PORTLAND – I’m used to seeing office cubicles full of papers or folders, but I had never seen one crammed with buckets of coffee beans before.
Not until I spent a morning helping Paul Chiles blend coffee beans at Coffee By Design on Washington Avenue, that is.
As a production worker at the Portland-based coffee roaster, one of his main jobs is to mix beans together in the proper proportions to form blends with such names as Casco Bay, Phileas Fogg and Rebel Blend. Then the blends are sold to retailers or used at one of the four Coffee By Design coffeehouse locations in southern Maine.
But before I could help blend the beans, I had to promise not to give away how much of which bean was used in each blend. Coffee is a competitive business, I’m told.
“These are recipes, really, and it’s just a matter of blending the flavors of the beans to get the flavor you want,” said Chiles, 40, of Portland. “Some beans have a nutty flavor; some Ethiopian beans have a blueberry taste.”
The beans in the buckets crowding Chiles’ work counter were from all over the world — South America, Africa, Indonesia. Chiles picked up a couple of handfuls to show me that not all beans are the same — some are smooth and some more coarse, depending on the tools used to extract them from the coffee cherry they grew in.
“Coffee cherry?” I asked.
“That’s what they grow in — a cherry,” Chiles told me.
I had another revelation when Chiles and I passed some buckets of beans that weren’t yet roasted and I saw they were green.
But the beans Chiles worked with were roasted in a 25-pound or 50-pound roasting machine, both just a few feet from the cubicle work areas where Chiles and two other production workers were blending and packaging coffee.
Someone else was doing the roasting — the head roaster, as a matter of fact. The hum of the roasters was constant as we worked, as was the aroma of the beans.
As Chiles began to plan out his blending agenda for the day, he showed me the recipes that specified the kind of bean, what kind of roast (French is dark; Italian is not as dark) and how much of each.
The first thing we did was lug a dozen or more buckets of beans weighing about 5 pounds each from a storage room over to Chiles’ work area.
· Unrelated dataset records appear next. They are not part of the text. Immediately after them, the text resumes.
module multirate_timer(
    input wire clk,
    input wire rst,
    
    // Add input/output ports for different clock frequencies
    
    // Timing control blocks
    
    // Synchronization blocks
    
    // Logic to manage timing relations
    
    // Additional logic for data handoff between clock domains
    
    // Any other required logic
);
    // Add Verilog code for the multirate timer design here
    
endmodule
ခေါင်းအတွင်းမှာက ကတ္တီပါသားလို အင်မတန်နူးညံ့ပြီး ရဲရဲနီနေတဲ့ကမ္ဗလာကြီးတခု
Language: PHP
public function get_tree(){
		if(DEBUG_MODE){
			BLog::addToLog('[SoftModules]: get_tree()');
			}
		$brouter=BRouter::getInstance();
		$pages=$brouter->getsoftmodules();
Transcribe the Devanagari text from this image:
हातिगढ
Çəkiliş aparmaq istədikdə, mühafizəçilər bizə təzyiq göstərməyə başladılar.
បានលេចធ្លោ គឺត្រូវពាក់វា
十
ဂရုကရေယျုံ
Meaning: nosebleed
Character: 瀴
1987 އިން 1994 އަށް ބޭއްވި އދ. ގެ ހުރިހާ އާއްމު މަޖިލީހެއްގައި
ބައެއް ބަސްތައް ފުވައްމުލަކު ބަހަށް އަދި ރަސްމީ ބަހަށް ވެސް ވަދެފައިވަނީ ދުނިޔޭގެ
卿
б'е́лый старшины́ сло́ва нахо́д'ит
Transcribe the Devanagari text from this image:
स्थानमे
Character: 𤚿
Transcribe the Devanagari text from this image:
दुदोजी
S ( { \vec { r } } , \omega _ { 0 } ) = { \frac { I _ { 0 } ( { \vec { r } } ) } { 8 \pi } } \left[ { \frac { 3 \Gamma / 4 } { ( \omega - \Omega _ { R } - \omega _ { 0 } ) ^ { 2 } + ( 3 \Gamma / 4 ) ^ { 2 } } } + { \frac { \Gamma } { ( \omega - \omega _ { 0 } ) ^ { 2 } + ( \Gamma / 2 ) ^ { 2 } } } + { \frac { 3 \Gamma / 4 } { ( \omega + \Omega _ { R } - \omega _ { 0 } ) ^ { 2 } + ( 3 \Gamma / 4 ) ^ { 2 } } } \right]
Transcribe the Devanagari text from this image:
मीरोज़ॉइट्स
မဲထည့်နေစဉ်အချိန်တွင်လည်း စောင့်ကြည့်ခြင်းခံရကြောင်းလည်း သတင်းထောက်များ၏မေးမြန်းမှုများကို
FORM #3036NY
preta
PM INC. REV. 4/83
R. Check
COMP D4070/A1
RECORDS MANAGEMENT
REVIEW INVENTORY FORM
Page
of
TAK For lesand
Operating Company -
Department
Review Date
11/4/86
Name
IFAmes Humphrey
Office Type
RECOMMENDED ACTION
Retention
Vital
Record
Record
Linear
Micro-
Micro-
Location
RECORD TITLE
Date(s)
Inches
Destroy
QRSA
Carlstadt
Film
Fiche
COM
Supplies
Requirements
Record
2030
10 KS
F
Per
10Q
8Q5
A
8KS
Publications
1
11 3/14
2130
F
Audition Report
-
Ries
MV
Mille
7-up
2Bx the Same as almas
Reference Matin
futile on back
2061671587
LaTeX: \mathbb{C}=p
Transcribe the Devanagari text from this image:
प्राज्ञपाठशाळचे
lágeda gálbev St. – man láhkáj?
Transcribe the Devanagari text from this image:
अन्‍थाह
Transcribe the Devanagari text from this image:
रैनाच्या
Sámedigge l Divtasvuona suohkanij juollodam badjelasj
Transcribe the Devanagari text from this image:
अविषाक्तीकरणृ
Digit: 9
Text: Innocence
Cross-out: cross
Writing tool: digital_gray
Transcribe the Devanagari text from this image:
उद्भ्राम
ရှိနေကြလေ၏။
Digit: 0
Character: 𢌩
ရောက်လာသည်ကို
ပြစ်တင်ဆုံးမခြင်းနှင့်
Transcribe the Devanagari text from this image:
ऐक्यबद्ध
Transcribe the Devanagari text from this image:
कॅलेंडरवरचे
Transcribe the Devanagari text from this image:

Each bucket had a ticket on the lid specifying the bean, the roast and the date it was roasted. (Most were roasted that day or the day before.)
I tried carrying four at a time, like Chiles, two in each arm. But navigating the narrow doorways was tough, and the plastic buckets kept slipping out of my arms.
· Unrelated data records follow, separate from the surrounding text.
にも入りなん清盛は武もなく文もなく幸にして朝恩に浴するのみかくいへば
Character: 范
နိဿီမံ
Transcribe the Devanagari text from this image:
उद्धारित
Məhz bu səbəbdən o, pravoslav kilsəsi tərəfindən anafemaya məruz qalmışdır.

When we got the buckets to the work area, Chiles took the covers off and laid the identifying tickets in each bucket. We began scooping and pouring beans from the buckets to make various blends.
Then it occurred to me — what if we lose a ticket amid all the commotion of working with a dozen kinds of beans? How will we know which beans are which?
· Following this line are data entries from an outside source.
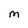
Character: M
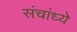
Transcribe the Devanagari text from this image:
संचांध्ये
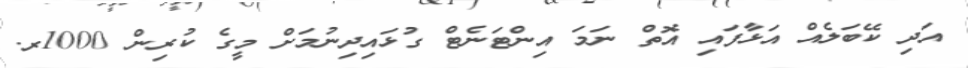
އަދި ކޭބަލެއް އަޅާފައި އޮތް ނަމަ އިންޓަނެޓް ގުޅައިދިނުމަށް މީގެ ކުރިން 1000ރ.
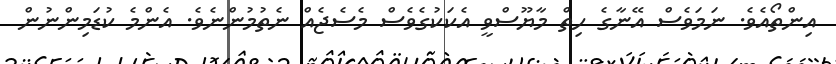
އިންތޯއެވެ. ނަމަވެސް އޭނާގެ ހިތް މާޔޫސްވީ އެކަކުގެވެސް މެސެޖެއް ނެތުމުންނެވެ. އެންމެ ކުޑަމިންނުން
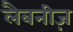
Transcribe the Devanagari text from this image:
लैबनीज़
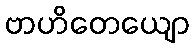
ဗာဟိတေယျော
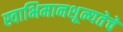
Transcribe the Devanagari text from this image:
स्वाभिमानशून्यतेचे
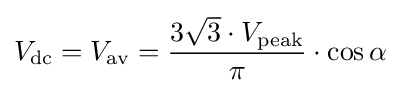
V_{\mathrm {dc} }=V_{\mathrm {av} }={\frac {3{\sqrt {3}}\cdot V_{\mathrm {peak} }}{\pi }}\cdot \cos \alpha
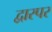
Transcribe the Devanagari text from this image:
द्वारपर
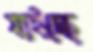
যাইচ্ছে
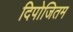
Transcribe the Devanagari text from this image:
दिपोजितम
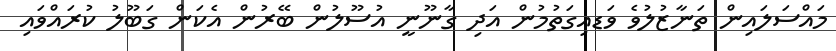
މައްސަލައިން ތަނާޒުލުވެ ވަޑއިގަތުމުން އަދި ގާނޫނީ އުސޫލުން ބޭރުން އެކަން ގަބޫލު ކުރައްވައި
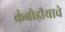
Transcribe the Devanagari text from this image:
कंबोडीयाचे
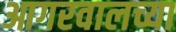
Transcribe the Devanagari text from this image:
आगरवालच्या
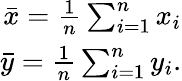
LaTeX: \begin{array}{r}{\bar{x}=\frac{1}{n}\sum_{i=1}^{n}x_{i}}\\ {\bar{y}=\frac{1}{n}\sum_{i=1}^{n}y_{i}.}\end{array}
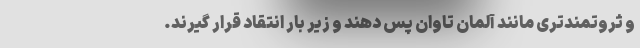
و ثروتمندتری مانند آلمان تاوان پس دهند و زیر بار انتقاد قرار گیرند.
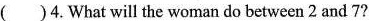
( )4.What will the woman do between 2 and 7?
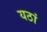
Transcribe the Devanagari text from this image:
यठां
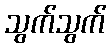
သွက်သွက်
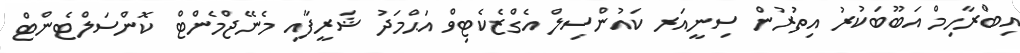
އިބްރާހިމް އަބޫބަކުރު އިތުރުން ސިނީއަރ ކައުންސިލް އެގްޒެކެޓިވް އަޙްމަދު ޝަރީފާއި މެނޭޖްމެންޓް ކޮންސަލްޓެންޓް
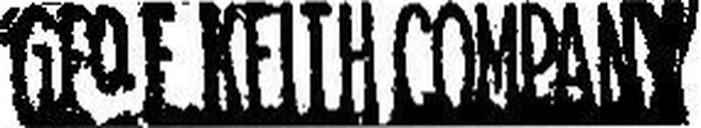
G###E KEITH COMPANY
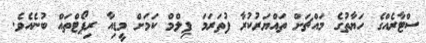
ސްޓާރެއްގެ ހަޔާތުގެ މައްޗަށް ތައްޔަރުކުރާ ފުތަރަމަ ފިލްމް ކަމަށް މީޑިއާ ރިޕޯޓްތައް ބުނެއެވެ.
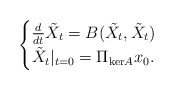
\begin{align*} \begin{cases}\frac{d}{dt} \tilde{X}_t = B(\tilde{X}_t,\tilde{X}_t) \\ \tilde{X}_t|_{t=0} = \Pi_{\mathrm{ker}A}x_0.\end{cases}\end{align*}
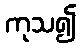
ကုသ၍
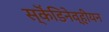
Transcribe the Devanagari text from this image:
स्कॆंडिनेव्हीयन
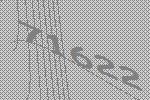
71622
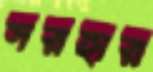
সরহার
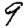
Digit: 9
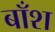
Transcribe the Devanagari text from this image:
बाँश
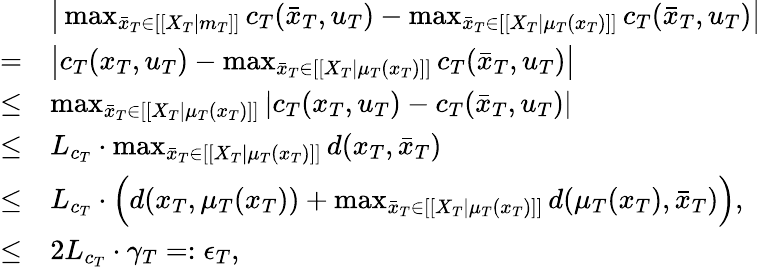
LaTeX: \begin{array}{rl}&{\big|\operatorname*{max}_{\bar{x}_{T}\in[[X_{T}|m_{T}]]}c_{T}(\bar{x}_{T},u_{T})-\operatorname*{max}_{\bar{x}_{T}\in[[X_{T}|\mu_{T}(x_{T})]]}c_{T}(\bar{x}_{T},u_{T})\big|}\\ {=}&{\big|c_{T}(x_{T},u_{T})-\operatorname*{max}_{\bar{x}_{T}\in[[X_{T}|\mu_{T}(x_{T})]]}c_{T}(\bar{x}_{T},u_{T})\big|}\\ {\leq}&{\operatorname*{max}_{\bar{x}_{T}\in[[X_{T}|\mu_{T}(x_{T})]]}|c_{T}(x_{T},u_{T})-c_{T}(\bar{x}_{T},u_{T})|}\\ {\leq}&{L_{c_{T}}\cdot\operatorname*{max}_{\bar{x}_{T}\in[[X_{T}|\mu_{T}(x_{T})]]}d(x_{T},\bar{x}_{T})}\\ {\leq}&{L_{c_{T}}\cdot\Big(d(x_{T},\mu_{T}(x_{T}))+\operatorname*{max}_{\bar{x}_{T}\in[[X_{T}|\mu_{T}(x_{T})]]}d(\mu_{T}(x_{T}),\bar{x}_{T})\Big),}\\ {\leq}&{2L_{c_{T}}\cdot\gamma_{T}=:\epsilon_{T},}\end{array}

“Well, we can go back to the (computer spreadsheet) and see what beans we roasted on what day, and how much,” said Chiles. “So if we had a bucket without a ticket, we could figure it out.”
The record-keeping for roasting and blending the beans at Coffee By Design is so detailed, they even keep track of the weather. That way they know if certain batches were roasted on humid days, dry days or days with low barometric pressure, all conditions that can affect the overall flavor of the beans.
Once we started making blends, Chiles wrote down the beans needed for each blend — some had as many as five, of various roasts — and the amount of each.
There was a standard recipe for each, but if Chiles was making a different amount than the recipe called for — say, 25 pounds instead of 5 pounds — he’d have to do some quick math, either in his head or on a calculator.
For one blend we were making, we needed 1.65 pounds of one bean, 1.35 pounds of another, and 1.05 of two others. When working with small amounts, I found that while weighing the beans I had to take out or add a few beans by hand to get the right amount.
Once we had everything weighed, we put the blended beans in another bucket attached to a spinning machine. Then we fastened a stretchy cord over the top and turned the spinner on for a minute or so. I thought I was following Chiles’ instructions perfectly, but I fastened the cord around the side of the bucket, not over the cover. If Chiles hadn’t corrected me, the blended beans would have poured out all over the floor.
“Spills do happen,” he said.
I learned that firsthand later, when I was helping another production worker, Charles Brant, package coffee in heat-sealed bags.
He showed me how to put the bag over a spout and fill the bags. Then he showed me a machine that took oxygen out of the coffee bags, put nitrogen in, and sealed them with heat.
All I had to do was put the bags on a little shelf, turn the machine on, then take the bags off. The machine that filled the bags was operated by a foot pedal, and at some point while he was showing me around, Brant stepped on the pedal with no bag in place. So beans went pouring onto the floor.
I was glad it wasn’t my fault, but it was definitely something I could have done, given a little more time.
“That’s not the first time that’s happened,” admitted Brant.